Is the Formula for GCD(z, nm) = d_n*d_m Correct?

[xuying1209]

For any n,m are intergers, d_n and d_m are divisors of n and m,
respectively. If gcd(n,m)=1, gcd(i,n)=d_n , gcd(j,m)=d_m
sm=1(mod n) , tn=1(mod m),
z=smi+tnj (mod nm)
then gcd(z,nm)=d_nd_m.
I want to know the result is true or false, and how to prove it.

Thanks.

 

[malaygoel]

For any n,m are intergers, d_n and d_m are divisors of n and m,
respectively. If gcd(n,m)=1, gcd(i,n)=d_n , gcd(j,m)=d_m
sm=1(mod n) , tn=1(mod m),
z=smi+tnj (mod nm)
then gcd(z,nm)=d_nd_m.
I want to know the result is true or false, and how to prove it.

Thanks.

I am not sure but the result depends on the value of s and t since they are not unique in a given problem

 

[tacman]

The result is true. To prove it, we can use the definition of greatest common factor (GCF).

Let d = gcd(z,nm). This means that d is a common divisor of both z and nm.

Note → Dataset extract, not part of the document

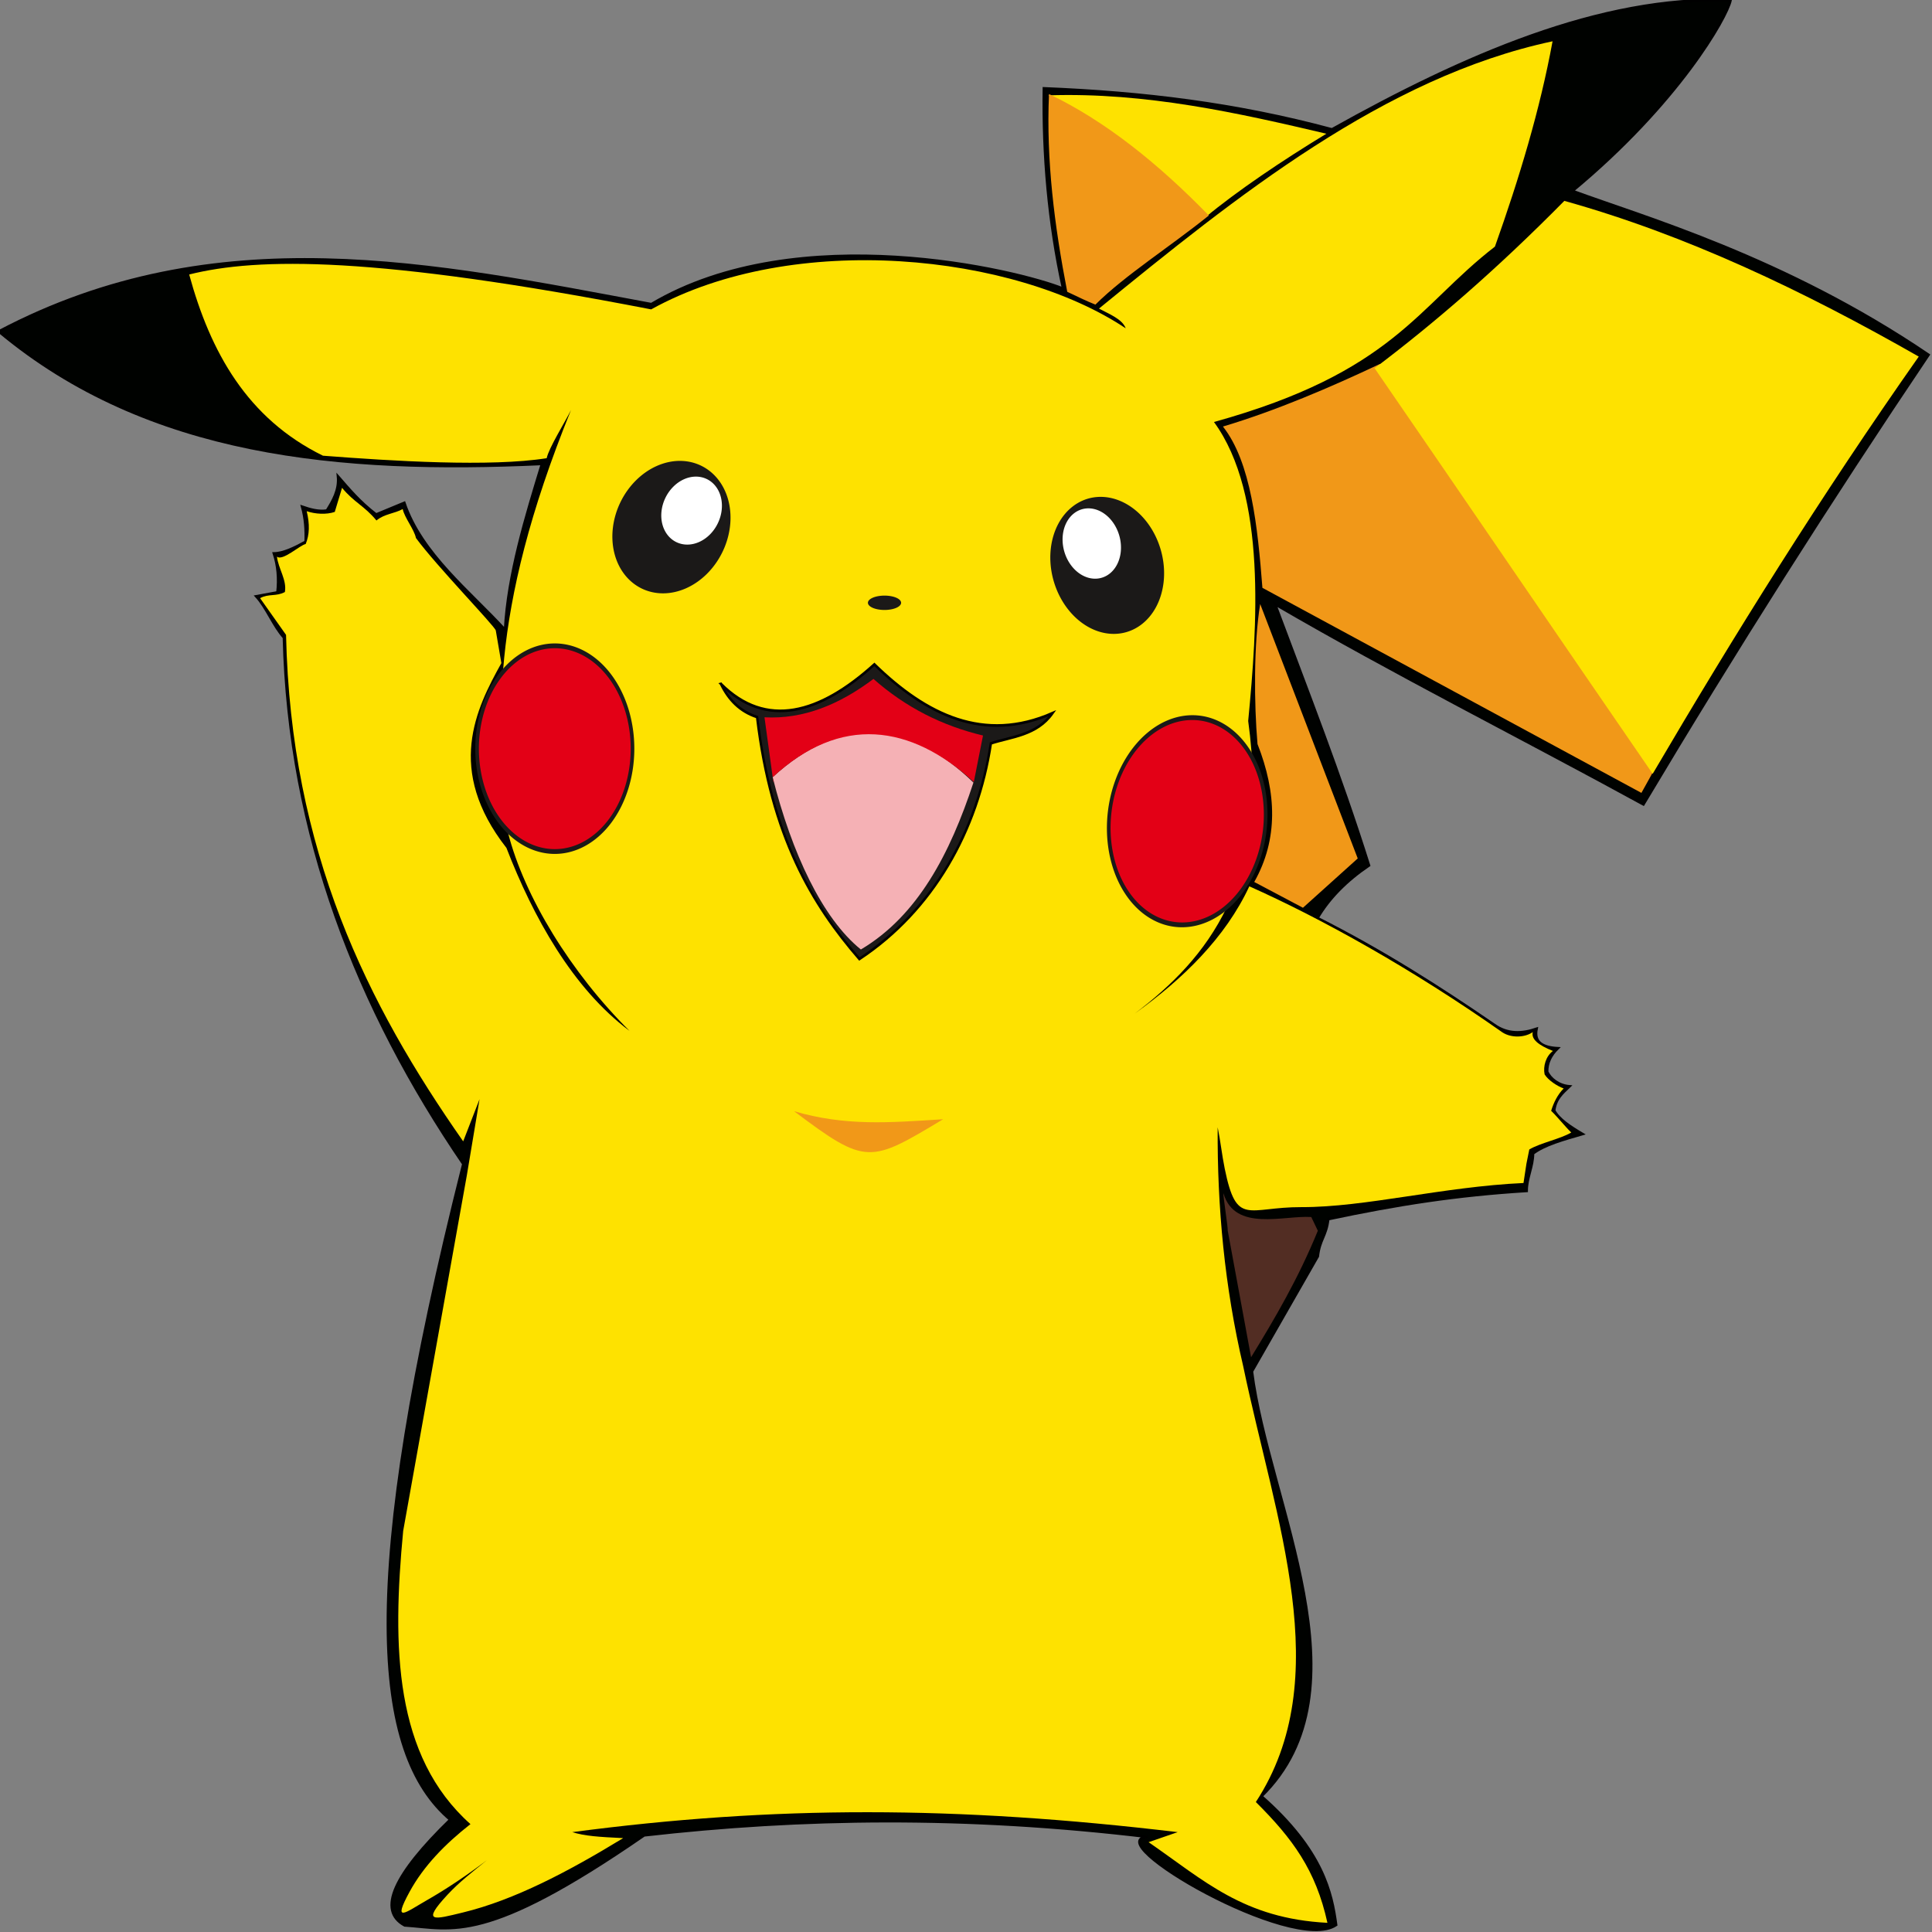 <svg xmlns="http://www.w3.org/2000/svg" id="master-artboard" width="60" height="60" x="0" y="0" version="1.1" viewBox="0 0 60 60" style="enable-background:new 0 0 336 235.2"><rect x="0" y="0" width="60" height="60" fill="#808080" stroke="none"/><rect id="ee-background" width="60" height="60" x="0" y="0" style="fill:#fff;fill-opacity:0;pointer-events:none"/><g transform="matrix(0.373, 0, 0, 0.412, -73.485, -58.719)"><g id="g4"><path id="path6" d="m 196.909,167.508 c 18.113,-8.646 36.219,-5.108 54.329,-2.056 12.255,-6.574 30.604,-2.523 34.283,-1.169 -1.214,-5.004 -1.684,-10.095 -1.602,-15.099 8.322,0.307 15.986,1.147 23.987,3.093 10.883,-5.509 22.311,-10.091 33.195,-9.732 -0.309,1.298 -4.325,7.735 -13.168,14.372 5.898,1.972 17.658,4.99 29.65,12.353 -8.227,11.059 -16.14,22.354 -23.739,33.884 -10.248,-5.079 -20.626,-9.796 -30.664,-15.085 2.745,6.656 5.385,12.713 7.817,19.682 -1.9,1.169 -3.33,2.494 -4.291,3.976 5.464,2.498 10.194,5.24 14.719,8.052 1.106,0.714 2.296,0.674 3.524,0.294 -0.234,1.037 0.535,1.405 1.762,1.468 -0.598,0.526 -0.892,1.114 -0.881,1.762 0.264,0.552 0.98,1.043 1.853,1.109 -0.605,0.525 -1.149,0.936 -1.266,1.827 0.401,0.664 1.337,1.22 2.349,1.762 -1.565,0.412 -3.168,0.807 -4.111,1.468 0,0.979 -0.53,1.839 -0.53,2.818 -5.815,0.327 -10.704,1.01 -16.519,2.127 -0.158,1.278 -0.711,1.528 -0.869,2.806 -1.829,2.892 -3.658,5.785 -5.487,8.677 1.386,9.926 9.883,23.975 0.791,32.027 5.16,4.105 5.864,7.325 6.22,9.691 -3.605,2.25 -19.984,-6.42 -15.671,-6.634 -15.125,-1.644 -28.812,-1.475 -41.941,-0.12 -13.246,8.278 -15.899,7.037 -19.95,6.788 -2.298,-1.125 -0.891,-3.84 3.798,-7.963 -6.5,-4.977 -7.719,-17.787 1.086,-49.424 -8.812,-11.704 -14.536,-24.806 -14.938,-39.687 -0.881,-0.881 -1.419,-2.22 -2.3,-3.101 0.587,-0.098 1.175,-0.196 1.762,-0.294 0.131,-1.056 0.033,-2.035 -0.294,-2.937 0.785,-0.006 1.704,-0.415 2.643,-0.881 0.035,-0.881 -0.025,-1.762 -0.294,-2.643 0.685,0.213 1.37,0.387 2.056,0.294 0.501,-0.728 1.04,-1.552 0.931,-2.586 0.945,0.979 1.777,1.9 3.18,2.879 0.783,-0.294 1.566,-0.587 2.349,-0.881 1.445,3.865 5.468,6.681 8.38,9.569 0.242,-4.169 1.743,-8.566 3.073,-12.506 -16.818,0.699 -32.781,-0.577 -45.225,-9.985 z" style="fill:#000200;fill-rule:evenodd;stroke:#000;stroke-width:.2;stroke-dasharray:none"/><path id="path8" d="m 238.755,192.507 -0.465,-2.459 c -0.058,-0.31 -4.942,-4.868 -6.647,-6.971 -0.151,-0.656 -0.953,-1.529 -1.104,-2.185 -0.656,0.342 -1.529,0.358 -2.185,0.863 -1.009,-1.11 -1.856,-1.352 -2.865,-2.462 -0.202,0.606 -0.404,1.211 -0.606,1.816 -0.706,0.217 -1.629,0.163 -2.336,-0.054 0.263,0.989 0.233,1.778 -0.086,2.476 -0.454,0.063 -1.937,1.319 -2.392,0.945 0.112,0.908 0.839,1.763 0.661,2.671 -0.706,0.353 -1.359,0.109 -2.065,0.463 0.757,0.959 1.405,1.809 2.162,2.768 0.4,16.335 6.764,27.847 14.748,38.177 0.454,-1.06 0.908,-2.119 1.362,-3.179 -0.353,1.917 -0.706,3.835 -1.06,5.752 -1.766,8.931 -3.532,17.862 -5.298,26.793 -0.923,8.762 -0.756,16.97 5.601,22.1 -2.1,1.492 -3.886,3.141 -5.064,5.095 -1.47,2.442 -0.334,1.555 1.431,0.643 1.665,-0.861 3.33,-1.878 4.995,-3.014 -1.141,0.832 -2.304,1.654 -3.255,2.581 -2.265,2.205 -1.086,1.871 1.236,1.363 4.353,-0.951 8.904,-3.144 13.372,-5.613 -2.059,-0.088 -3.214,-0.16 -4.238,-0.451 16.806,-2.013 31.987,-1.989 50.406,0 -0.807,0.252 -1.615,0.505 -2.422,0.757 4.637,2.892 7.902,5.754 14.89,6.079 -0.968,-3.993 -2.915,-6.362 -5.959,-9.106 6.741,-9.335 1.63,-21.191 -1.052,-32.847 -1.553,-6.004 -2.167,-12.009 -2.127,-18.013 0.236,1.041 0.357,2.093 0.589,3.122 0.994,4.405 1.89,2.883 6.393,2.896 5.283,0.015 11.771,-1.538 18.482,-1.818 0.093,-0.619 0.151,-0.842 0.245,-1.461 0.079,-0.356 0.159,-0.712 0.238,-1.068 0.918,-0.493 2.573,-0.785 3.492,-1.278 -0.528,-0.463 -1.145,-1.172 -1.673,-1.635 0.199,-0.599 0.531,-1.22 1.042,-1.684 -0.549,-0.183 -1.276,-0.611 -1.587,-1.061 -0.14,-0.611 0.104,-1.364 0.69,-1.767 -1.202,-0.437 -1.821,-0.881 -1.676,-1.421 -0.636,0.409 -1.772,0.466 -2.522,0.024 -7.557,-4.814 -15.138,-8.616 -21.078,-11.013 -1.981,3.859 -5.523,6.984 -9.535,9.59 6.055,-4.15 11.281,-9.957 9.441,-22.052 0.745,-7.059 1.575,-17.051 -2.849,-22.537 14.952,-3.755 16.921,-8.695 23.393,-13.222 2.028,-5.158 3.75,-10.317 4.798,-15.476 -14.004,2.701 -26.342,11.71 -37.765,20.148 0.8,0.396 1.942,0.781 2.226,1.488 -9.305,-5.625 -27.639,-7.376 -39.512,-1.427 -22.958,-4.034 -32.748,-3.927 -38.464,-2.63 1.76,5.837 4.831,10.86 11.138,13.659 5.856,0.409 13.96,0.858 18.627,0.188 0.191,-0.799 1.527,-2.715 2.025,-3.63 -6.956,15.517 -6.133,23.714 -5.248,31.853 1.363,4.834 5.25,10.574 10.121,14.945 -4.748,-3.214 -8.02,-8.583 -10.249,-13.793 -5.08,-5.881 -2.54,-10.478 -0.424,-13.925 z" style="fill:#fee200;fill-rule:evenodd"/><g id="g10"><path id="path12" d="m 253.617,177.263 a 4.586,5.299 42.03 0 1 4.166,4.992 4.586,5.299 42.03 1 1 -4.166,-4.992 z" style="fill:#1b1918;fill-rule:evenodd"/><path id="path14" d="m 254.954,178.448 a 2.354,2.72 42.03 0 1 2.138,2.562 2.354,2.72 42.03 1 1 -2.138,-2.562 z" style="fill:#fff;fill-rule:evenodd"/></g><g id="g16"><path id="path18" d="m 289.853,180.141 a 4.586,5.299 -26.541 0 0 -5.348,3.699 4.586,5.299 -26.541 1 0 5.348,-3.699 z" style="fill:#1b1918;fill-rule:evenodd"/><path id="path20" d="m 288.248,180.926 a 2.354,2.72 -26.541 0 0 -2.744,1.898 2.354,2.72 -26.541 1 0 2.744,-1.898 z" style="fill:#fff;fill-rule:evenodd"/></g><path id="path22" d="m 270.655,187.418 a 1.382,0.541 0 0 1 1.382,0.541 1.382,0.541 0 1 1 -1.382,-0.541 z" style="fill:#1b1918;fill-rule:evenodd"/><g id="g24"><path id="path26" d="m 243.203,191.023 a 6.621,7.933 0 0 1 6.621,7.932 6.621,7.933 0 1 1 -6.621,-7.932 z" style="fill:#1b1918;fill-rule:evenodd"/><path id="path28" d="m 243.203,191.384 a 6.32,7.572 0 0 1 6.32,7.572 6.32,7.572 0 1 1 -6.32,-7.572 z" style="fill:#e30016;fill-rule:evenodd"/></g><g id="g30"><path id="path32" d="m 296.295,196.433 a 6.639,8.031 10.012 0 1 6.233,7.992 6.639,8.031 10.012 1 1 -6.233,-7.992 z" style="fill:#1b1918;fill-rule:evenodd"/><path id="path34" d="m 296.275,196.796 a 6.337,7.666 10.012 0 1 5.95,7.629 6.337,7.666 10.012 1 1 -5.95,-7.629 z" style="fill:#e30016;fill-rule:evenodd"/></g><path id="path36" d="m 257.034,194.073 c 3.761,3.409 8.207,2.272 12.776,-1.471 4.337,3.821 9.121,5.942 14.832,3.677 -1.31,1.679 -3.43,1.774 -5.131,2.276 -1.089,6.557 -4.793,12.567 -10.948,16.256 -3.934,-4.123 -7.331,-9.205 -8.517,-18.238 -1.419,-0.417 -2.374,-1.3 -3.011,-2.5 z" style="fill:#1b1918;fill-rule:evenodd;stroke:#000;stroke-width:.2;stroke-dasharray:none"/><path id="path38" d="m 261.342,201.108 c 1.598,5.742 4.146,10.646 7.344,12.985 4.746,-2.552 7.426,-7.229 9.374,-12.583 -5.208,-4.592 -11.036,-5.169 -16.719,-0.403 z" style="fill:#f5b1b5;fill-rule:evenodd"/><path id="path40" d="m 260.662,196.59 0.683,4.516 c 5.642,-4.73 11.493,-3.998 16.746,0.36 l 0.764,-3.502 c -3.357,-0.725 -6.419,-2.102 -9.121,-4.266 -2.842,1.938 -5.838,3.049 -9.072,2.893 z m 0.688,4.547 0.047,0.308 0.039,8e-4 -0.087,-0.308 z" style="fill:#e30016;fill-rule:evenodd"/><path id="path42" d="m 284.299,149.708 c 8.139,-0.243 15.89,1.349 23.147,2.893 -3.63,1.994 -7.465,4.331 -10.109,6.326 -3.97,-3.65 -8.104,-7.107 -13.037,-9.219 z" style="fill:#fee200;fill-rule:evenodd"/><path id="path44" d="m 284.348,149.61 c 4.728,2.046 9.142,5.282 13.31,9.156 -3.347,2.433 -6.976,4.497 -9.446,6.718 -0.712,-0.259 -1.361,-0.546 -2.343,-0.966 -1.071,-5.003 -1.757,-9.906 -1.52,-14.908 z" style="fill:#f19818;fill-rule:evenodd"/><path id="path46" d="m 298.832,174.674 c 2.336,2.678 2.89,7.532 3.287,12.158 l 31.555,15.457 1.622,-2.646 c -7.798,-9.896 -15.596,-19.791 -23.393,-29.687 -4.052,1.737 -8.655,3.525 -13.069,4.717 z" style="fill:#f19818;fill-rule:evenodd"/><path id="path48" d="m 327.257,157.663 c 10.136,2.562 19.906,6.774 29.509,11.738 -8.142,10.494 -15.345,20.955 -22.153,31.45 -7.752,-10.202 -15.401,-20.37 -23.153,-30.572 4.991,-3.413 10.173,-7.456 15.797,-12.616 z" style="fill:#fee200;fill-rule:evenodd"/><path id="path50" d="m 301.933,188.05 8.122,19.18 c -1.52,1.239 -3.041,2.478 -4.561,3.717 -1.351,-0.648 -2.703,-1.295 -4.055,-1.943 2.005,-3.226 1.871,-6.719 0.272,-10.395 -0.289,-2.989 -0.324,-7.555 0.222,-10.558 z" style="fill:#f19818;fill-rule:evenodd"/><path id="path52" d="m 306.187,234.259 c 0.182,0.345 0.365,0.689 0.547,1.034 -1.633,3.617 -3.579,6.612 -5.559,9.537 -0.648,-3.184 -1.297,-6.368 -1.946,-9.552 0.039,-0.177 -0.395,-2.637 -0.356,-2.814 0.944,2.939 5.034,1.657 7.313,1.795 z" style="fill:#522d23;fill-rule:evenodd"/><path id="path54" d="m 263.125,226.283 c 6.035,4.11 6.311,3.915 12.412,0.605 -4.493,0.26 -8.13,0.53 -12.412,-0.605 z" style="fill:#f19818;fill-rule:evenodd"/></g></g></svg>

We know that z = smi + tnj (mod nm), so z is congruent to 1 (mod nm). This means that z and nm have a common factor of 1.

Since gcd(n,m) = 1, we know that d_n and d_m are the only divisors of n and m, respectively. This means that d_n and d_m are the only common divisors of n and m.

Since d_n is a divisor of n, we know that d_n is also a divisor of nm. Similarly, d_m is a divisor of nm.

Since d is a common divisor of z and nm, we know that d is also a divisor of d_n and d_m. This means that d is a common divisor of d_n and d_m.

Therefore, d is a common divisor of d_n and d_m, and it must be the greatest common factor of d_n and d_m.

Hence, we can conclude that gcd(z,nm) = d_nd_m, proving the given statement.